Goal of the exercise
Once the line with "Zum dritten, ist zum" is reached, output it and every line after it, exactly, through the end of the records below. Pictures are skipped.

Given entries Start Marker

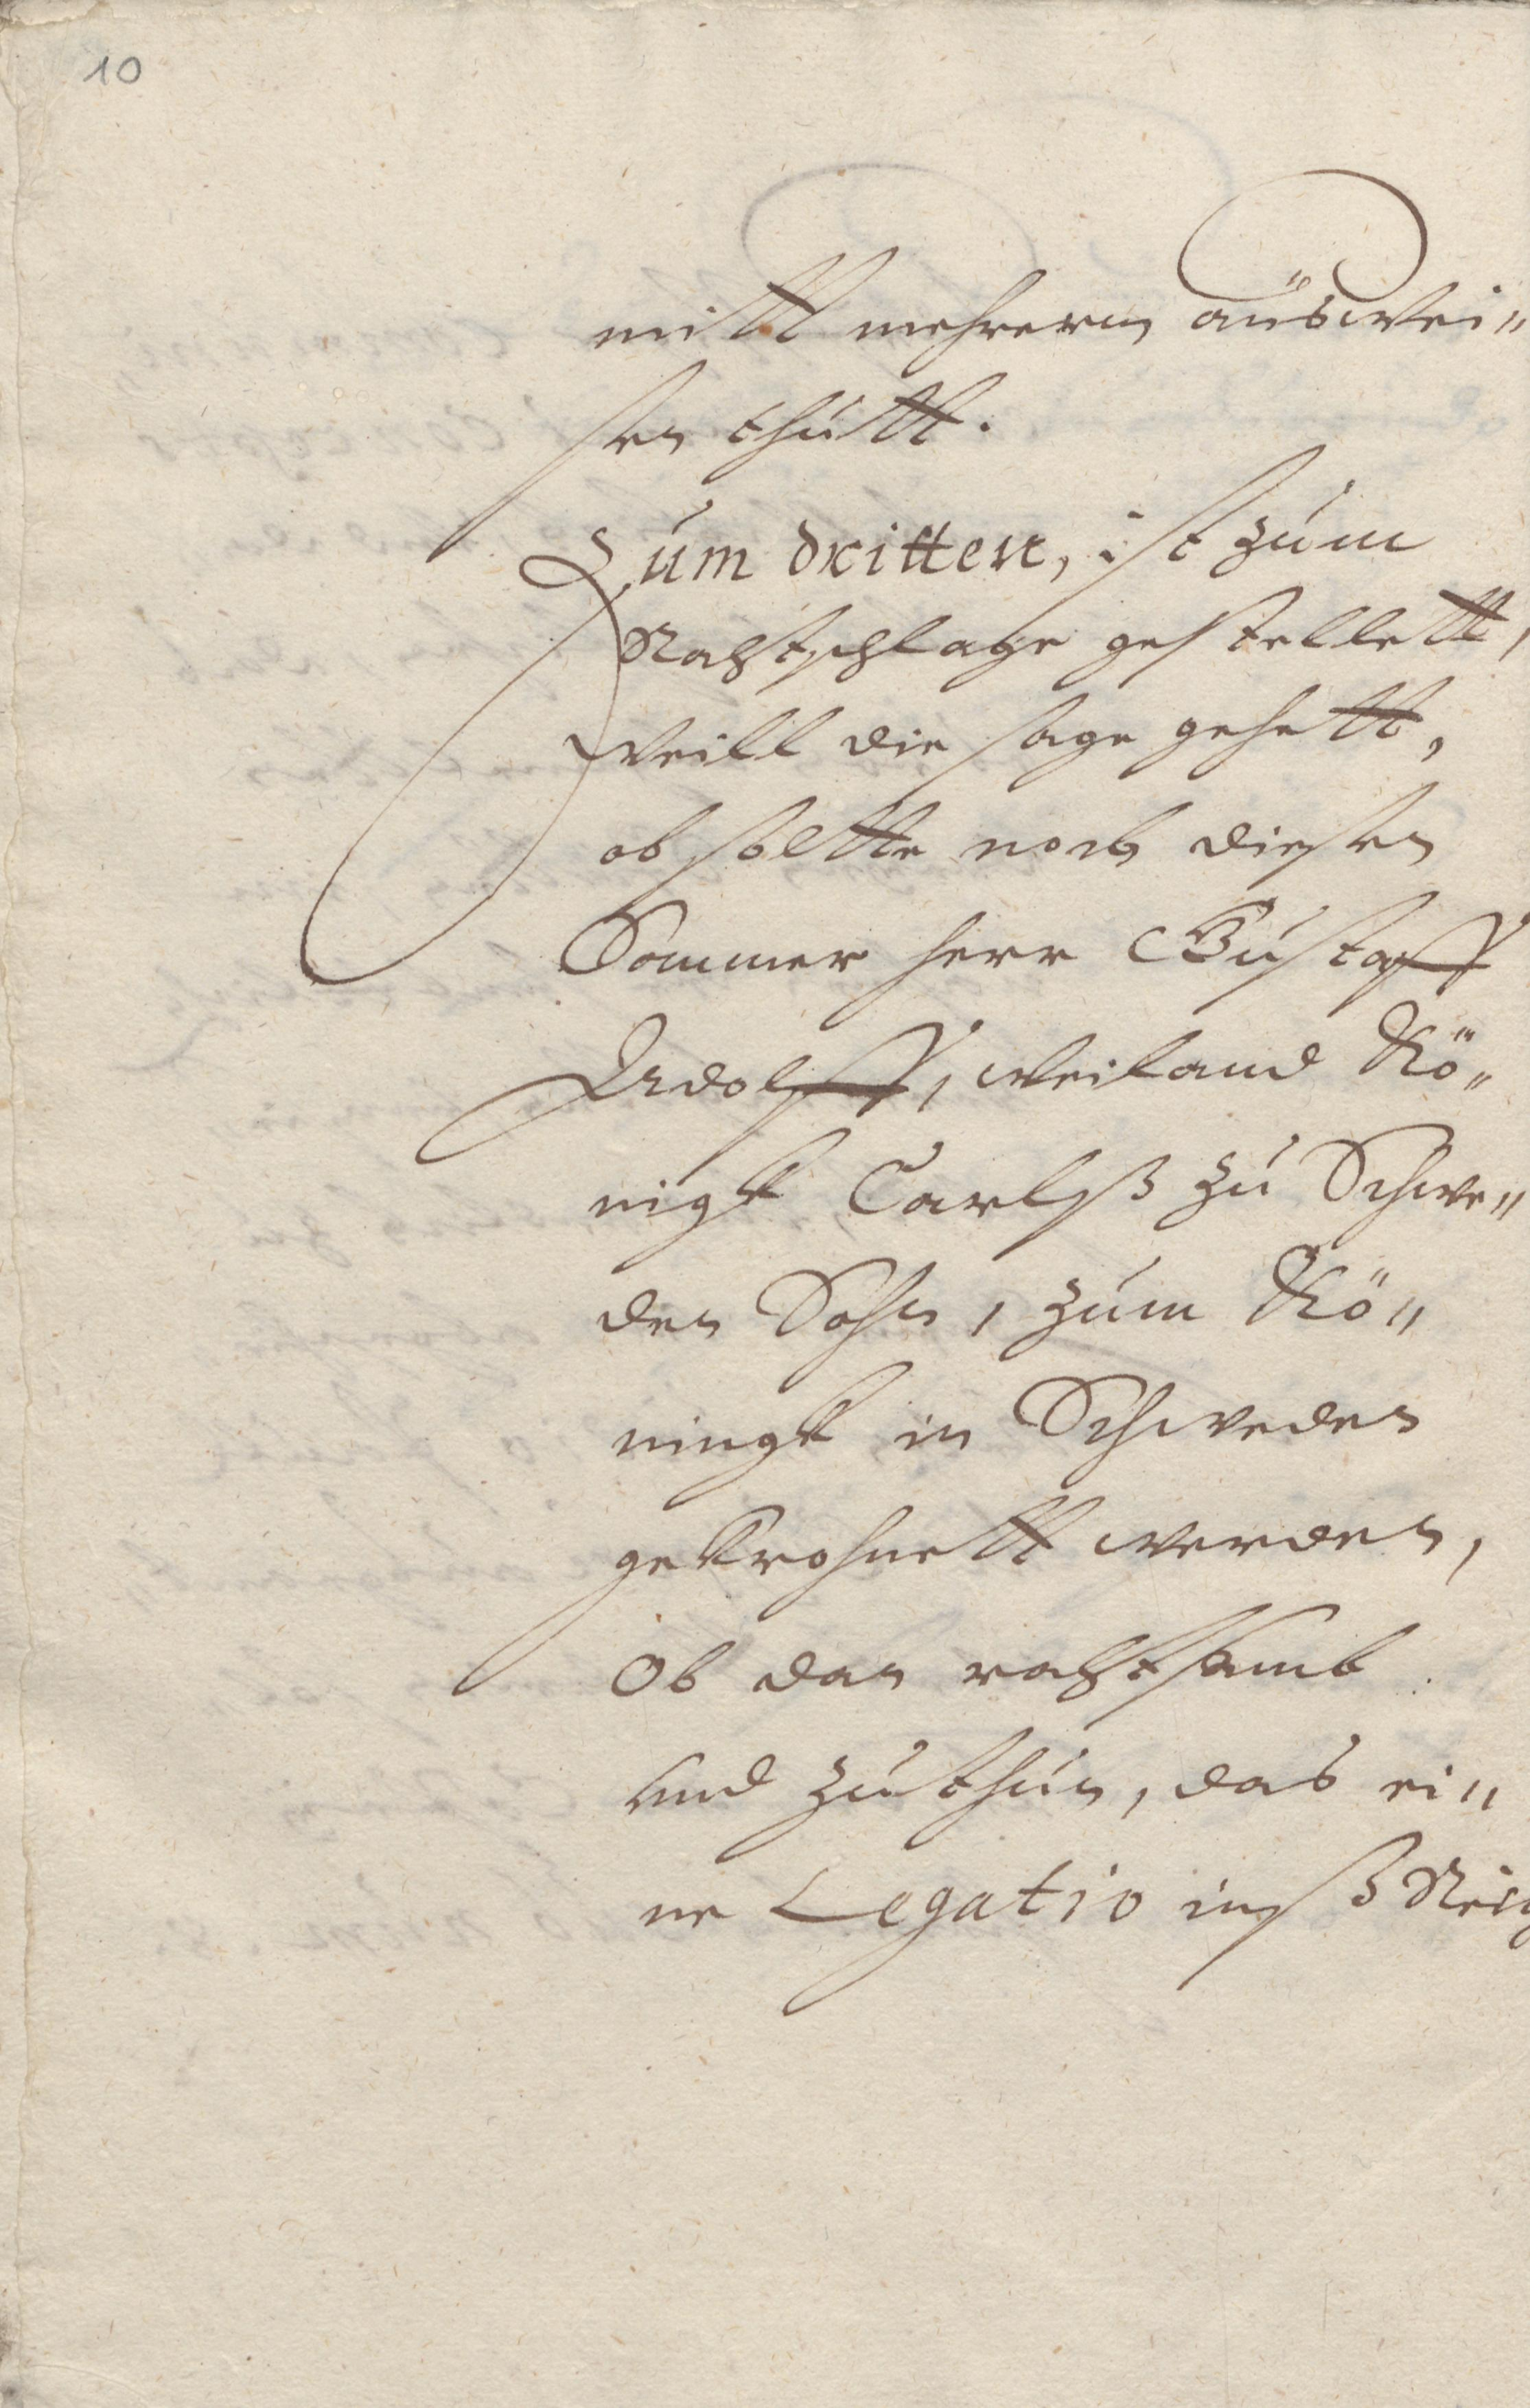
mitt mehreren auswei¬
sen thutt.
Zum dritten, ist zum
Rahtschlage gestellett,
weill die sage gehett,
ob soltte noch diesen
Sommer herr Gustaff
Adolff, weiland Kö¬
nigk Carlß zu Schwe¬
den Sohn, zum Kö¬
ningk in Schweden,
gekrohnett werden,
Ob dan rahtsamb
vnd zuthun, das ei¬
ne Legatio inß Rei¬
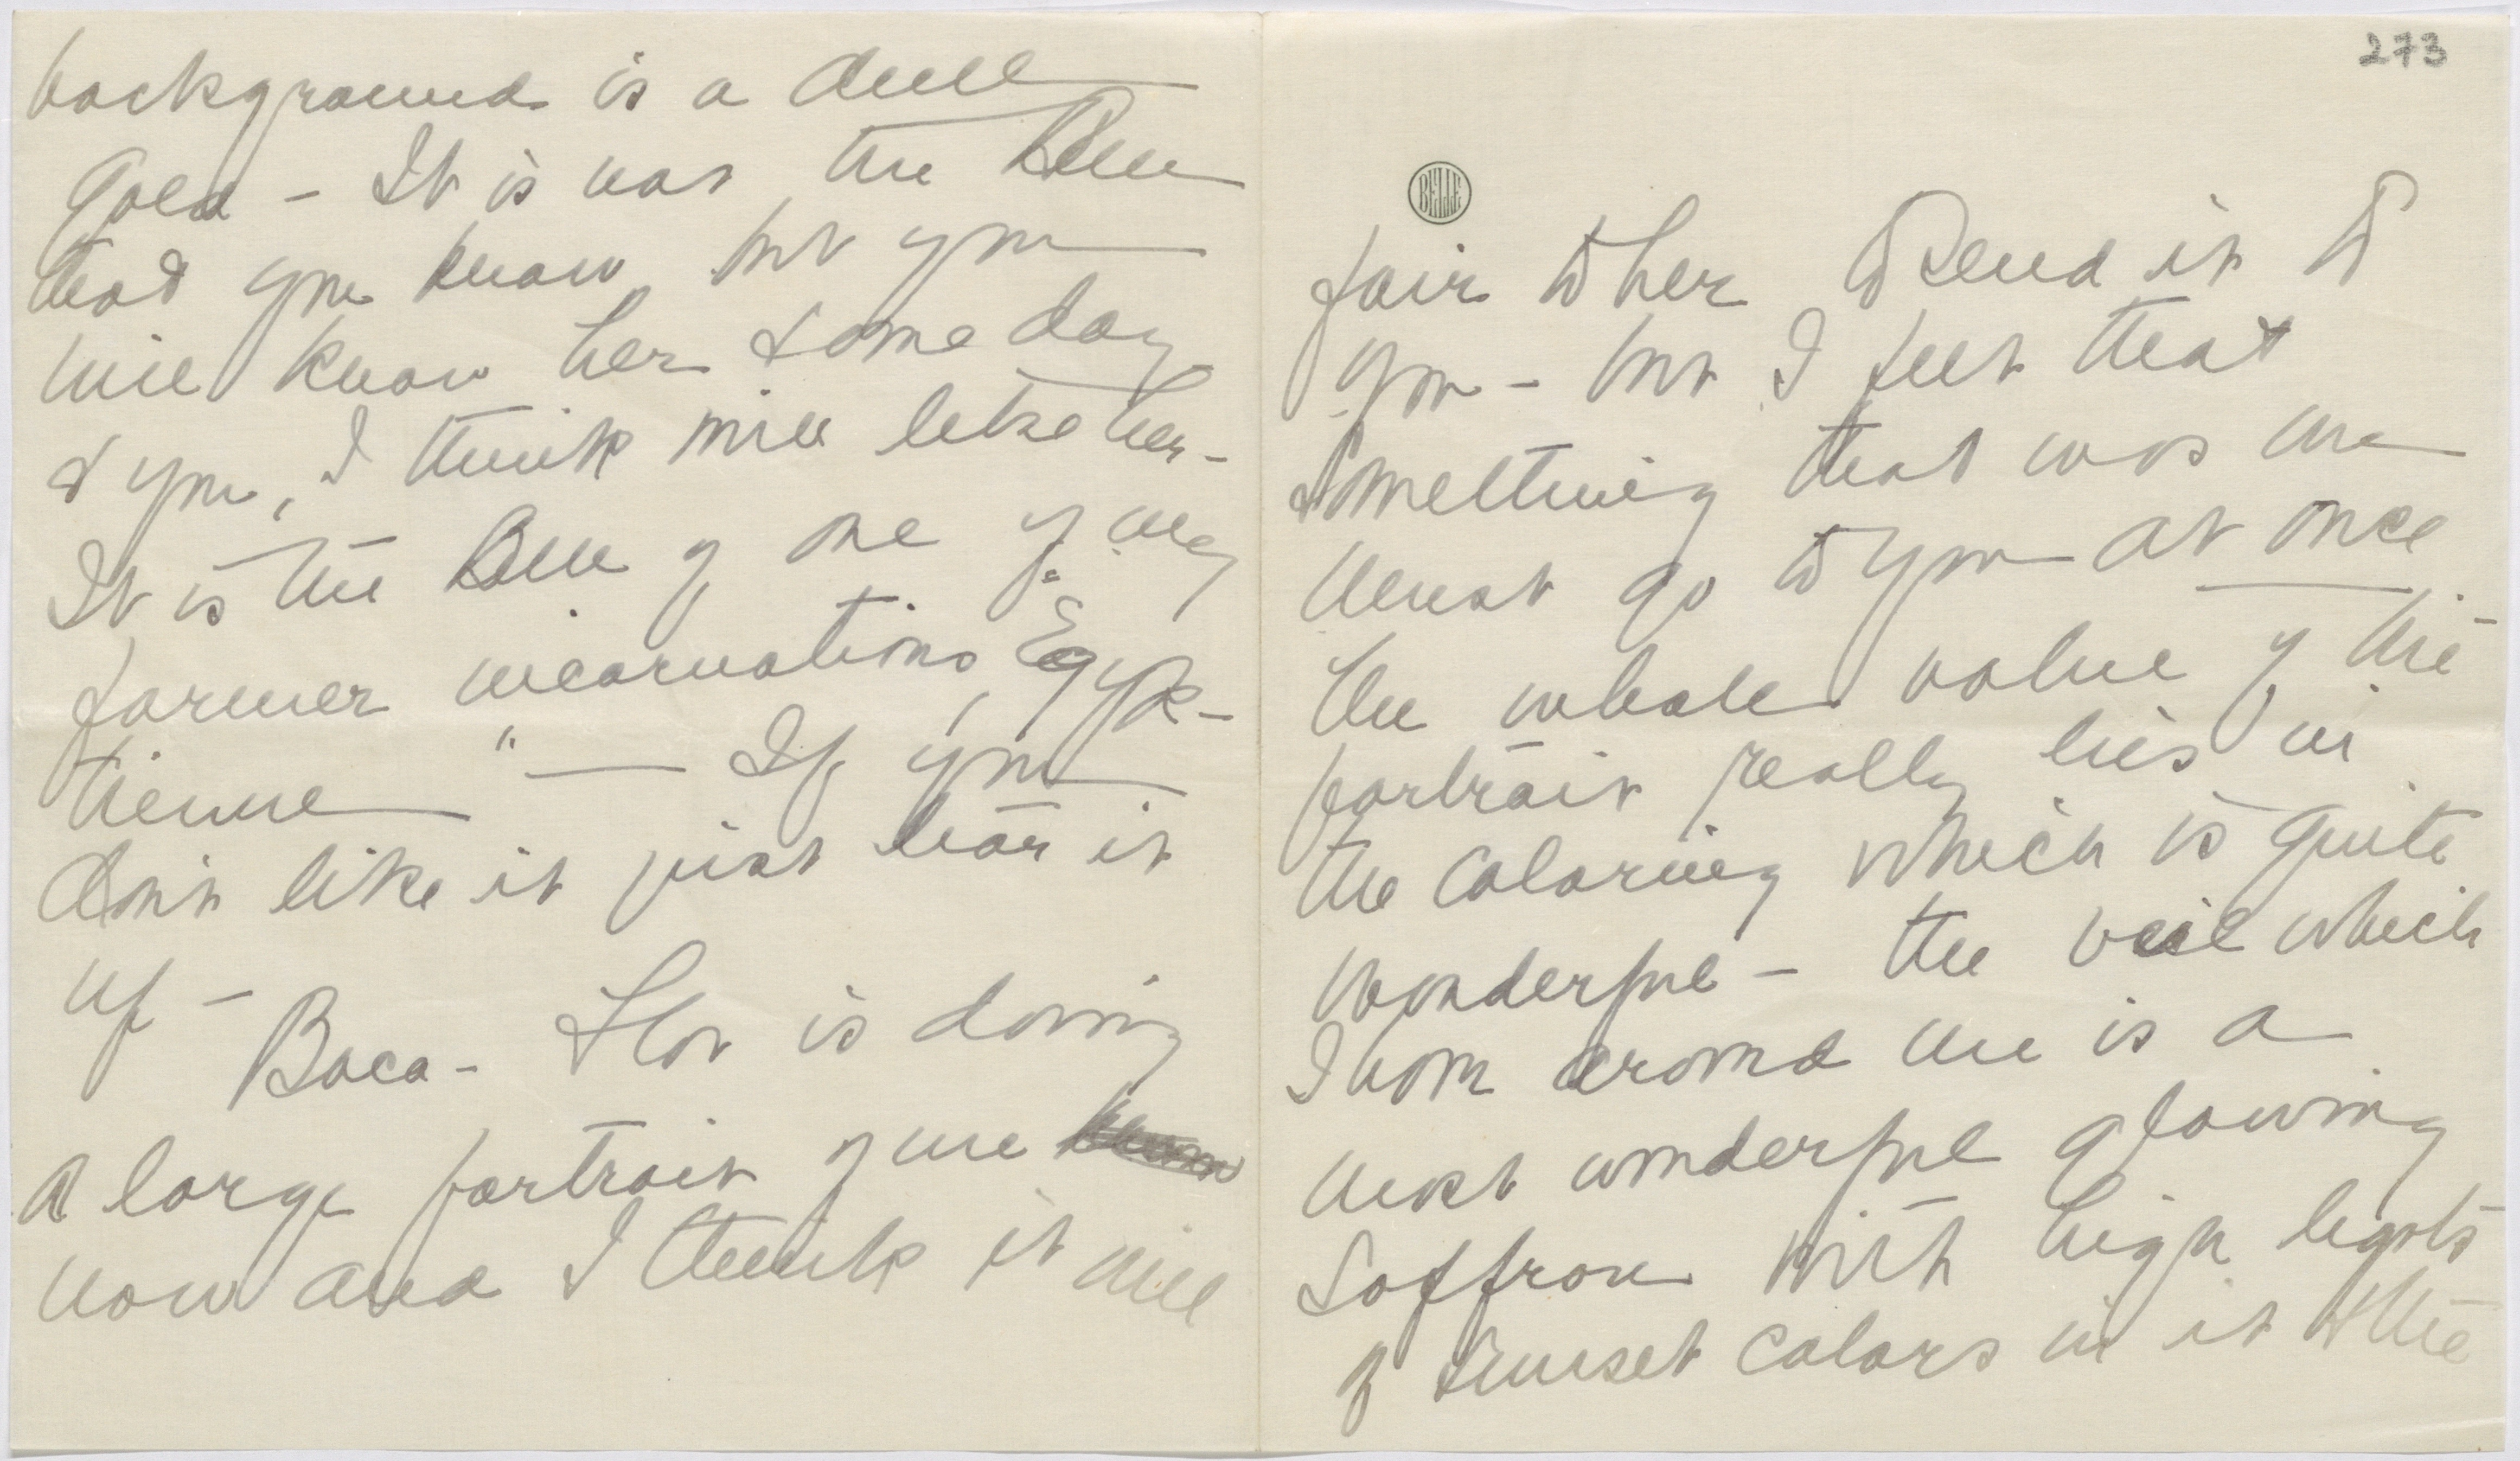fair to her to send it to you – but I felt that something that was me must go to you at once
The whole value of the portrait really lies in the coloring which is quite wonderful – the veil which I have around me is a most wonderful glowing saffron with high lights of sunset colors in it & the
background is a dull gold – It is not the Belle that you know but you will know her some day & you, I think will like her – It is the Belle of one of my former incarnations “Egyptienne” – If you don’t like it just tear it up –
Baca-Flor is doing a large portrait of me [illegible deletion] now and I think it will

Given entries End Marker

Task response
Zum dritten, ist zum
Rahtschlage gestellett,
weill die sage gehett,
ob soltte noch diesen
Sommer herr Gustaff
Adolff, weiland Kö¬
nigk Carlß zu Schwe¬
den Sohn, zum Kö¬
ningk in Schweden,
gekrohnett werden,
Ob dan rahtsamb
vnd zuthun, das ei¬
ne Legatio inß Rei¬
fair to her to send it to you – but I felt that something that was me must go to you at once
The whole value of the portrait really lies in the coloring which is quite wonderful – the veil which I have around me is a most wonderful glowing saffron with high lights of sunset colors in it & the
background is a dull gold – It is not the Belle that you know but you will know her some day & you, I think will like her – It is the Belle of one of my former incarnations “Egyptienne” – If you don’t like it just tear it up –
Baca-Flor is doing a large portrait of me [illegible deletion] now and I think it will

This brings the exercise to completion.